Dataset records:
****
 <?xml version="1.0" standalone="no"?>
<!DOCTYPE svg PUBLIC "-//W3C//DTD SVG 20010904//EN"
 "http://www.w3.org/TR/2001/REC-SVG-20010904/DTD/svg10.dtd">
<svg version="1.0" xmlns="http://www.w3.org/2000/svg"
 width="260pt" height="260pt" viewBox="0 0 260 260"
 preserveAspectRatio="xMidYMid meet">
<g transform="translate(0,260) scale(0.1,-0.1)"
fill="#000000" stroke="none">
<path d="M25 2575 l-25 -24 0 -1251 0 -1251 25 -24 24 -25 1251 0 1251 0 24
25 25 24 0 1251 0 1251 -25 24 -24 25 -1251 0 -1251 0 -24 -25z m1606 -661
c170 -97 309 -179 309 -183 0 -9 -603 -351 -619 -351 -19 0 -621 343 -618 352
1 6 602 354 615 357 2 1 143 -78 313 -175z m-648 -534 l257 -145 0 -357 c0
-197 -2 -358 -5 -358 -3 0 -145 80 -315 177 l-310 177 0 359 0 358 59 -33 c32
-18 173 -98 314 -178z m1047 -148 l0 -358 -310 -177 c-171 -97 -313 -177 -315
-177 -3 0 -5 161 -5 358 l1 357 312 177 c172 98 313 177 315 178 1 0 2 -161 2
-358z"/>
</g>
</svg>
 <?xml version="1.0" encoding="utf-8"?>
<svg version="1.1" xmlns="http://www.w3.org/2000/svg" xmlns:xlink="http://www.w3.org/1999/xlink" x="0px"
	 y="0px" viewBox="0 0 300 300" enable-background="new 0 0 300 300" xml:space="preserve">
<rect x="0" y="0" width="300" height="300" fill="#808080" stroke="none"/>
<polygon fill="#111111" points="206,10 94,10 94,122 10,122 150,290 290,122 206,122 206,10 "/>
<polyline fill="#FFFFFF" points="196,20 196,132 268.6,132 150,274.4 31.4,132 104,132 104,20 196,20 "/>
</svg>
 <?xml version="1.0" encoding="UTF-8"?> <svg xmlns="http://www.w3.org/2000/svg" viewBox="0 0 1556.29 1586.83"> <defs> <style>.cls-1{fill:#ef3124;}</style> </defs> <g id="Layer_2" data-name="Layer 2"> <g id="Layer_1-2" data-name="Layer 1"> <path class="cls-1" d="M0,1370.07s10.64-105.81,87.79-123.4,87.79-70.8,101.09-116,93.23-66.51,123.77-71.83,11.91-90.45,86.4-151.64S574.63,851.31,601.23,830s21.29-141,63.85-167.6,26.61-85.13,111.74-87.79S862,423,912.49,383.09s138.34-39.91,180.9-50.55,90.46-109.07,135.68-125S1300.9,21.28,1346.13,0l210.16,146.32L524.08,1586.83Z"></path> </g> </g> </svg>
****
Exercise brief: Could you give again exactly the lines from the line containing "-177 -3 0 -5" through the final line of the data above, and no others?

Answer box:
-177 -3 0 -5 161 -5 358 l1 357 312 177 c172 98 313 177 315 178 1 0 2 -161 2
-358z"/>
</g>
</svg>
 <?xml version="1.0" encoding="utf-8"?>
<svg version="1.1" xmlns="http://www.w3.org/2000/svg" xmlns:xlink="http://www.w3.org/1999/xlink" x="0px"
	 y="0px" viewBox="0 0 300 300" enable-background="new 0 0 300 300" xml:space="preserve">
<rect x="0" y="0" width="300" height="300" fill="#808080" stroke="none"/>
<polygon fill="#111111" points="206,10 94,10 94,122 10,122 150,290 290,122 206,122 206,10 "/>
<polyline fill="#FFFFFF" points="196,20 196,132 268.6,132 150,274.4 31.4,132 104,132 104,20 196,20 "/>
</svg>
 <?xml version="1.0" encoding="UTF-8"?> <svg xmlns="http://www.w3.org/2000/svg" viewBox="0 0 1556.29 1586.83"> <defs> <style>.cls-1{fill:#ef3124;}</style> </defs> <g id="Layer_2" data-name="Layer 2"> <g id="Layer_1-2" data-name="Layer 1"> <path class="cls-1" d="M0,1370.07s10.64-105.81,87.79-123.4,87.79-70.8,101.09-116,93.23-66.51,123.77-71.83,11.91-90.45,86.4-151.64S574.63,851.31,601.23,830s21.29-141,63.85-167.6,26.61-85.13,111.74-87.79S862,423,912.49,383.09s138.34-39.91,180.9-50.55,90.46-109.07,135.68-125S1300.9,21.28,1346.13,0l210.16,146.32L524.08,1586.83Z"></path> </g> </g> </svg>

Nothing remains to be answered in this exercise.